The bolt of lightning touched down in Beaverton  just east of Highway 217 by the Home Depot and Target stores.

An instant later there was thunder so loud people called our newsroom saying something had exploded.

 Some called 9-1-1, sure their houses took a direct hit from lightning (they did not) and car alarms suddenly went off in neighborhoods around that part of the Portland metro area.

Thunder is powerful stuff. And it starts with lightning, every single time. In this case the lightning was seen from Sherwood to Clackamas and the thunder slammed Raleigh Hills, Beaverton, Multnomah Village and other parts of SW.

How Lightning Causes Thunder

The image here shows the start: a lightning bolt can be up to 50,000 degrees Fahrenheit. It suddenly heats the air to as much as 18,000 degrees and that air next to the bolt explodes out (and eventually cools and races back in to some degree)  This exploding (expanding) and contracting air creates the sound we know as thunder.

By the way, you can tell how far lightning is from you by counting as soon as you see the flash. One-one-thousand, two-one-thousand and so on. Every five seconds is a mile of distance. So if you count to five before hearing thunder, the lightning is one mile away. If you count to ten, the lightning is two miles away.You should wait at least 20 minutes after the last thunder you hear or lightning you see before heading out again.

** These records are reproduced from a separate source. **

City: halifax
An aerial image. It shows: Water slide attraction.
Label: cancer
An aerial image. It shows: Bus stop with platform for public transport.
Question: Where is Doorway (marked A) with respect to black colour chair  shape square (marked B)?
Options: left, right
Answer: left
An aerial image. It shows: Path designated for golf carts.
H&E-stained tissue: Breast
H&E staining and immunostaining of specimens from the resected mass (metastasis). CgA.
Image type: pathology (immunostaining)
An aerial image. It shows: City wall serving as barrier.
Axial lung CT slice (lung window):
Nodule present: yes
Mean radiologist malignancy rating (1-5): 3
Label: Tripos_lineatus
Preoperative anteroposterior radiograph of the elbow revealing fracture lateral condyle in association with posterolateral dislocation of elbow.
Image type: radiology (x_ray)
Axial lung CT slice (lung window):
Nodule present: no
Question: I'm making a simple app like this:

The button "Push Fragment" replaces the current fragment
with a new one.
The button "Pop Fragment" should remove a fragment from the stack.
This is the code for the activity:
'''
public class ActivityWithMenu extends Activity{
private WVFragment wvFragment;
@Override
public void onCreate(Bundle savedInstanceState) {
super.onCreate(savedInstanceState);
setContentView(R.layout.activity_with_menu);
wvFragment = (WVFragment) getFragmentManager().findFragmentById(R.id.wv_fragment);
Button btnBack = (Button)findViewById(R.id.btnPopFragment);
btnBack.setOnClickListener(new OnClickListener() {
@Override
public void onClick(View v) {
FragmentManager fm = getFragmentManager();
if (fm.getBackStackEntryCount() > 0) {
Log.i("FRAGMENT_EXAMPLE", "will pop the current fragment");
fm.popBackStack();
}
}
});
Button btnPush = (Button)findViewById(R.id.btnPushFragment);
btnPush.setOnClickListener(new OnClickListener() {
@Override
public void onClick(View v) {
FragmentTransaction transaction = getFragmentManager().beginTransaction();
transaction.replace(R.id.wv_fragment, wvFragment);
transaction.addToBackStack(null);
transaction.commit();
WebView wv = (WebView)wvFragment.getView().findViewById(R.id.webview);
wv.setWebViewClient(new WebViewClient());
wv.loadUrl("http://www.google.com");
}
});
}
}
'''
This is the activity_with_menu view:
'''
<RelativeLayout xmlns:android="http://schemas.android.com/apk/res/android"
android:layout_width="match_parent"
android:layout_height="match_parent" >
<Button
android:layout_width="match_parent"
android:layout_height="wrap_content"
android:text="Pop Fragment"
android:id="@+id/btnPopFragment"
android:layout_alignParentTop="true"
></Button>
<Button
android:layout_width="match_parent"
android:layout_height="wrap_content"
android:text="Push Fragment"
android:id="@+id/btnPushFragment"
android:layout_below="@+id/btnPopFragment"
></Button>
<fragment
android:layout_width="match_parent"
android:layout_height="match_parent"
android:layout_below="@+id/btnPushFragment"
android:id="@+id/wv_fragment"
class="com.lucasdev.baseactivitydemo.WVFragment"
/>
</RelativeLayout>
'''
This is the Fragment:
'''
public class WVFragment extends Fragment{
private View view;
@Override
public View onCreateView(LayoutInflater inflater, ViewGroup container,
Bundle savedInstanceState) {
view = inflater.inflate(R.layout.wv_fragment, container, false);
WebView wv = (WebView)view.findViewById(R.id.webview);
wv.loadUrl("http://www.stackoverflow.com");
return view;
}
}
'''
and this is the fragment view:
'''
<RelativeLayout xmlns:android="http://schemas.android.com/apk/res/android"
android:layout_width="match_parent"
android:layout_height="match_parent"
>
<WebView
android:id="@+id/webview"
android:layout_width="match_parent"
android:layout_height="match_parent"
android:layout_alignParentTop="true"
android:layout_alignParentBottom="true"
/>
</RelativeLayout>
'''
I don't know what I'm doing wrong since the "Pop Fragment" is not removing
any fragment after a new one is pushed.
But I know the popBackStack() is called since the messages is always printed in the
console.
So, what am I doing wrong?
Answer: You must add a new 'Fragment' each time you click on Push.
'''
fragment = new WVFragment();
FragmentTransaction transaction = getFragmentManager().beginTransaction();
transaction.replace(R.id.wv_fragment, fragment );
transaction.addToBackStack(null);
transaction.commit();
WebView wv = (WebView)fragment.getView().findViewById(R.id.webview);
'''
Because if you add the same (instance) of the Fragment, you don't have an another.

In this case–if you were lucky (in weather guy terms) or unlucky (the way everyone else sees it) enough to be in Beaverton it was flash-boom…just that fast! The lightning was right on top of you!

Comments

  1. says

    Great article Bruce…. Back when I was a senior in high school, early early
    ’60′s I walked up behind my house up on a newly logged ridge where there was a spar pole… in those days they used a large tall straight tree that they cut all the limbs off the tree and used it for logging. I walked past the spar pole and was about 100 yards to the east of it when I saw out the corner of my eye an 8-10 foot ball of very bright light on the top side of the spar pole.
    The lightning and the boom of thunder was all at the same time…
    I don’t remember if it knocked me down or I got scared and fell down.. probably what happened… ha…. I got up and ran back past the spar pole. The lightning had knocked 30 feet off of the spar pole… after I got home I couldn’t hear for a half hour after I got home.